Thursday, November 30, 2023

Loner

 


9:29pm — the night bloomed alive, sizzling with the soft blue aura of an intense cyberpunk vibe. I could feel the darkness cackling with delight and knew what has to be done.

I had to stock up on the goods, and soon – not tomorrow, not later – right then and there. I had to do something– to drown my need for sobriety was the only accurate answer.

But impatience got out of hand. A creature of some sorts had infiltrated my backyard, making my loyal canine companion lose it. He didn’t enjoy the thought of some other four-legged beast muscled up to his turf, so of course, I convinced him to remain inside and suggested a good night’s sleep.

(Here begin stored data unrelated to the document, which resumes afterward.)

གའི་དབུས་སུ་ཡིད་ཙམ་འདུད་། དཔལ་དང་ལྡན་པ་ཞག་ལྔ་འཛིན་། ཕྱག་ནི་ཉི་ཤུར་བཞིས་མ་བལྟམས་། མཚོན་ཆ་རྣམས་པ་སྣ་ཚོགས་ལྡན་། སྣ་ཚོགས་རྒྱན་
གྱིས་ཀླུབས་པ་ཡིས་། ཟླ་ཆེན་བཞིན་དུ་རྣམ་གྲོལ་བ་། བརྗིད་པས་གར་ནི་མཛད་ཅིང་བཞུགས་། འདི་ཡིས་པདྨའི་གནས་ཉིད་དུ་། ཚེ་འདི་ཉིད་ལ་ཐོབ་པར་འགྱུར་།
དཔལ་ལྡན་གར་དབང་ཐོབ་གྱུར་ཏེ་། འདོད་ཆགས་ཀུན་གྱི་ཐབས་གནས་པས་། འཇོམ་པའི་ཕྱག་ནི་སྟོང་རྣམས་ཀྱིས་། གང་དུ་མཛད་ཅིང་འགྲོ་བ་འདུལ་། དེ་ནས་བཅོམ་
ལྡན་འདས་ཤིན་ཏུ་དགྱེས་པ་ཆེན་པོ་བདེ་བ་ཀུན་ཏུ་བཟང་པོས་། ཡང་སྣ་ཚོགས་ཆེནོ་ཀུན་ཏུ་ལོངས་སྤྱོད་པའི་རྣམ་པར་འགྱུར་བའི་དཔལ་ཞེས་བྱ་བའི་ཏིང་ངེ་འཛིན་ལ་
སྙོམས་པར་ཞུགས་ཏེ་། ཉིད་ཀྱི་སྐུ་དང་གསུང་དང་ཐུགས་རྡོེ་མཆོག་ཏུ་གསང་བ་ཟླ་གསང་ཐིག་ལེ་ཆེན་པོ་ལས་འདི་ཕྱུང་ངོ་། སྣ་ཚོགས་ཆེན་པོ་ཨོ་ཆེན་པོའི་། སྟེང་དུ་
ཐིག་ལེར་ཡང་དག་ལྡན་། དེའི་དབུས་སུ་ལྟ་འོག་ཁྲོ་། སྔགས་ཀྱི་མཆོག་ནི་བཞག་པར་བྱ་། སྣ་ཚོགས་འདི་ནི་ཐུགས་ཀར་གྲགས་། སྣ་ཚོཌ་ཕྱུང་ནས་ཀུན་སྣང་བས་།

The burden of silence had surrounded my soul once again. Sometimes I felt the need to break out of this lonesome lifestyle of mine but then I remembered; loneliness is what was keeping me sane. The silence of my torment slithers up and down my spine, a powerful jolt of peace whispering in my ears. I write about it, or I rant and cover those stories up in meaningless jibber jabber into the recorder.  What’s the point? Who would care?

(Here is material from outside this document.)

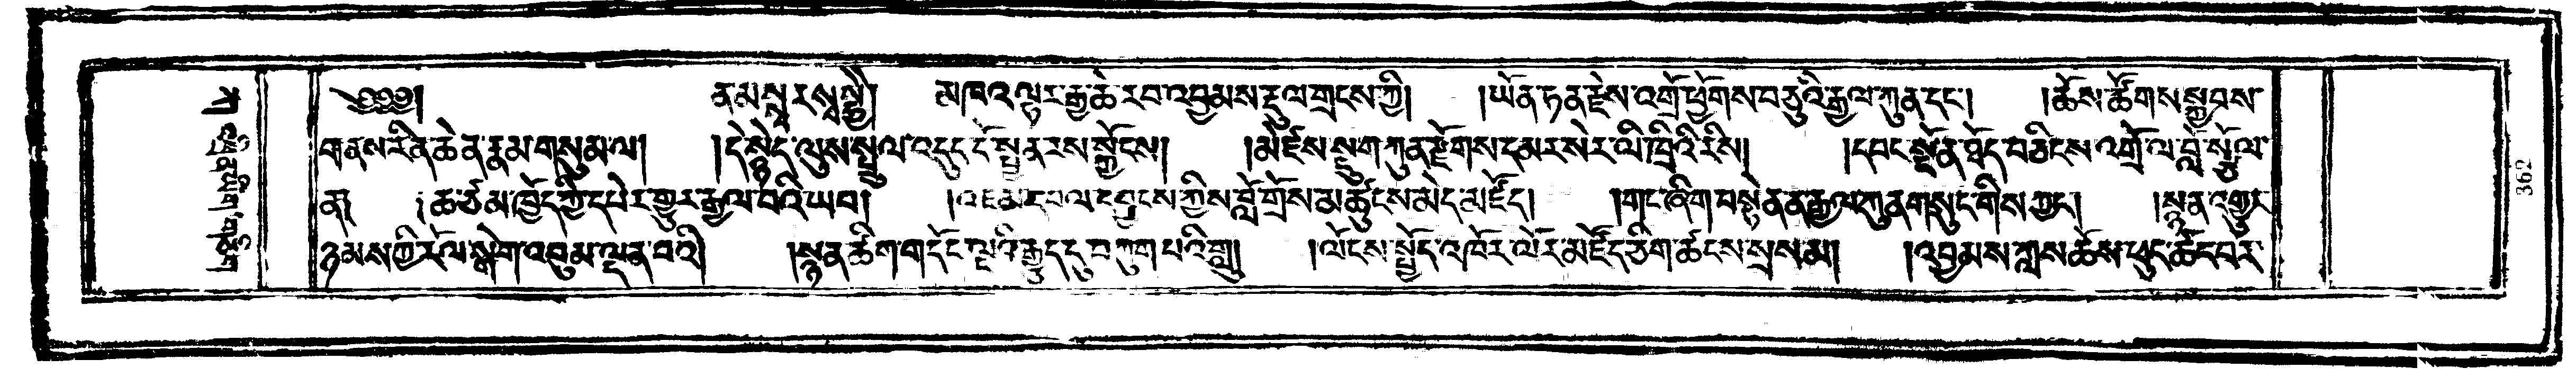༄༅༅། །ན་མ་སྶྡཱ་ར་སྭ་ཤྱཻ། མཁའ་ལྟར་རྒྱ་ཆེ་རབ་འབྱམས་རྡུལ་གྲངས་ཀྱི། །ཡོན་ཏན་རྗེས་འགྲོ་ཕྱོགས་བཅུའི་རྒྱལ་ཀུན་དང་། །ཆོས་ཚོགས་སྐྱབས་
གནས་རིན་ཆེན་རྣམ་གསུམ་ལ། །དེ་སྙེད་ལུས་སྤྲུལ་འདུང་ངོ་སྤྱན་རས་སྐྱོངས། །མཛེས་སྡུག་ཀུན་རྫོགས་དམར་སེར་ལི་ཁྲིའི་རིས། །དབང་སྔོན་ཐོད་བཅིངས་འགྲོ་ལ་བློ་སྩོལ་
ན། །ཆ་ཙམ་ཁྱོད་ཀྱི་དཔེར་གྱུར་རྒྱལ་བའི་ཡབ། །འཇམ་དཔལ་དབྱངས་ཀྱིས་བློ་གྲོས་མཚུངས་མེད་མཛོད། །གང་ཞིག་བསྟེན་ན་རྒྱལ་ཀུན་གསུང་གིས་ཀྱང་། །སྙན་འགྱུར་
ཉམས་ཀྱི་རོལ་སྒེག་འབུམ་ལྡན་པའི། །སྙན་ཚིག་གདོང་ལྔའི་རྒྱུད་དུ་བཀུག་པའི་གླུ། །ལོངས་སྤྱོད་འཁོར་ལོར་མཛོད་ཅིག་ཚངས་སྲས་མ། །འབྱམས་ཀླས་ཆོས་ཕུང་ཚང་བར་

But then I remember, life is precious. Keeping it crisp and clear is the goal. The silver lining of a clear night sky, the thundering sound of my dog’s bark, and the occasional bright flicker of the electronic voice recorder I use like a captain’s log in a strange cosmic universe.  

Sometimes I post my recordings on the web as part of a legitimate communication, other times I dump it into the depths of the cyber dimension, a trash heap podcast I call slime skull of snot. That’s what makes me feel alive. That’s what makes me care enough to never give anything up. That’s more than enough.

Alcohol. That’s all I need to make things right. A bottle or two should satisfy my thirst. I go off duty tomorrow, happily trading independence for retoxication.

Live fast, live alone, and stay alive. Yeah, that’s my mantra and I’m sticking to it.